US stocks closed higher in late Thursday trading, with the Dow Jones Industrial Average gaining over 100 points. OpenAI enthusiasm drove technology stocks higher as investors appeared to bet that the US government shutdown would be brief and unlikely to severely impact the American economy.
The Dow Jones gained 129.97 points, or 0.28%, to close at 46,571.07 points; the Nasdaq rose 87.05 points, or 0.38%, to 22,842.21 points; the S&P 500 index advanced 8.07 points, or 0.12%, to 6,719.27 points.
A series of positive developments in the artificial intelligence (AI) sector propelled global chip stocks higher, with shares of NVIDIA, AMD, and SK Hynix rising.
OpenAI, the parent company of ChatGPT, saw its valuation soar to $500 billion following a round of employee stock sales. Despite market concerns about an AI bubble, this news still boosted expectations for technology stock gains. The company has also replaced Elon Musk's SpaceX to become the world's most valuable startup.
Occidental Petroleum shares rose after Warren Buffett's Berkshire Hathaway announced it would acquire Occidental's petrochemical subsidiary OxyChem for $9.7 billion in cash. This marks Berkshire's largest transaction since 2022.
US stocks closed higher on Wednesday as markets expected the federal funding interruption to be brief and therefore unlikely to seriously impact the American economy.
The S&P 500 index recorded its 29th closing record high of the year, closing above the 6,700-point threshold for the first time. The index had earlier set an intraday record high during the session. The Dow Jones Industrial Average also set a closing record.
The US government shutdown began on Tuesday after Democratic and Republican leadership failed to reach a funding agreement to keep the government operating before the deadline.
Congressional lawmakers blamed each other for causing the government shutdown. Democrats insisted on using the legislation to extend healthcare tax credits for millions of Americans, but faced Republican opposition.
For investors, the biggest question is how long the current bipartisan deadlock will persist. According to analysis, the shutdown will likely last at least three days, as the Senate is scheduled to recess on Thursday to observe Yom Kippur, making Friday the next possible date when senators are expected to vote again.

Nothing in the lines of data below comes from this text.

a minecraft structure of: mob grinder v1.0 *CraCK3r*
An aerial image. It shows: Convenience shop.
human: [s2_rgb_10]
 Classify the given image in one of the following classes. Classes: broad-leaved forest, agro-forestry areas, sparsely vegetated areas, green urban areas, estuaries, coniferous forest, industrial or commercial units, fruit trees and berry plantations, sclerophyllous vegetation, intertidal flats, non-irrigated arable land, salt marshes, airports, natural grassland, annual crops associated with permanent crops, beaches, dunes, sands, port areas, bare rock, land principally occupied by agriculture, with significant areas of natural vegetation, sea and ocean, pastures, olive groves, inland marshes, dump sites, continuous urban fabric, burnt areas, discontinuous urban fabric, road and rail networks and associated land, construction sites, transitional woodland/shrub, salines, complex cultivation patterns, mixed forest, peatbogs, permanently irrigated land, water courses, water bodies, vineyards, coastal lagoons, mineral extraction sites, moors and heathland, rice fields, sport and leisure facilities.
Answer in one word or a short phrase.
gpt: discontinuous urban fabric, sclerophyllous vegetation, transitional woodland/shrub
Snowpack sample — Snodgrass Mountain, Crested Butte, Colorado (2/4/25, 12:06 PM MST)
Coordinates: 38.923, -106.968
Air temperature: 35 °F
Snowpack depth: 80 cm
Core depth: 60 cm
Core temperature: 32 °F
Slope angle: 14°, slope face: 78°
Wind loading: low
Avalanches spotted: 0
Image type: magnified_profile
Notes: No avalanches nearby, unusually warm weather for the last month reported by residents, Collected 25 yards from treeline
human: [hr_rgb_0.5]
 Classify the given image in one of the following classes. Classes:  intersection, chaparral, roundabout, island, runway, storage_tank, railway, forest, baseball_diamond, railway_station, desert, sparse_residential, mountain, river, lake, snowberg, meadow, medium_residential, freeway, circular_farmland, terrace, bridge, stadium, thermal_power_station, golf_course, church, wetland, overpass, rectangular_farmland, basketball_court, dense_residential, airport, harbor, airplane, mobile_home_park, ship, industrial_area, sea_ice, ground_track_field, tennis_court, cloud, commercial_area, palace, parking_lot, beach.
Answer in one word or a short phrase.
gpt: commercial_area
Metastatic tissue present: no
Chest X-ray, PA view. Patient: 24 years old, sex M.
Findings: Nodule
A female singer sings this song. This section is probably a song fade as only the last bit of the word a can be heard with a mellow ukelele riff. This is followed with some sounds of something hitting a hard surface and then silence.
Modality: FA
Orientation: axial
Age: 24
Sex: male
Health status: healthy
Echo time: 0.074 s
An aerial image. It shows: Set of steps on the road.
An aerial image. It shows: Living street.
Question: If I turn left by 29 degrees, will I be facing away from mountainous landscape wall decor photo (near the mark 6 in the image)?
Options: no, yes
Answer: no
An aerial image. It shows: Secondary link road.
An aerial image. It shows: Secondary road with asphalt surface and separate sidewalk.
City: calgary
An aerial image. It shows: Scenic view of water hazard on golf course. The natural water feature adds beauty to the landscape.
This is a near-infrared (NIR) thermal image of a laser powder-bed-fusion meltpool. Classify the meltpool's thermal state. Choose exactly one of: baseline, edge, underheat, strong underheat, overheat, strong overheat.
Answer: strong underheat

According to market prediction tools, traders are betting the shutdown could last nearly two weeks.
Dan Niles, founder and portfolio manager of Niles Investment Management, stated: "My view is that this government shutdown may last longer than the 2018 one, but other factors will ultimately be more important, such as: 1) robust third-quarter earnings results to be announced; 2) continued AI enthusiasm driven by solid quarterly performance from the Magnificent Seven tech stocks; 3) the Fed's next meeting on October 29, where I expect the Fed to maintain its path of three rate cuts this year."
Niles added: "Overall, I believe that despite potential near-term market volatility, the market will ultimately reach new highs as it slowly grinds higher."
Historically, US stocks have been minimally affected by government shutdowns, but investors are paying closer attention to this shutdown given the more volatile current policy and macroeconomic backdrop, elevated market valuations, high market concentration levels amid the AI-led rally, and persistent inflation concerns.
President Trump has threatened to permanently lay off federal workers on a massive scale during the shutdown, exacerbating existing concerns about labor market slowdown.
The economic data "blackout period" during this week's government shutdown is also drawing attention. Given that the Department of Labor has suspended almost all activities, the September nonfarm payrolls report will not be released on Friday.
Following Wednesday morning's ADP data showing private sector employment declined last month, the Federal Reserve is expected to announce a rate cut at its October meeting, while the further impact of a prolonged shutdown remains to be seen.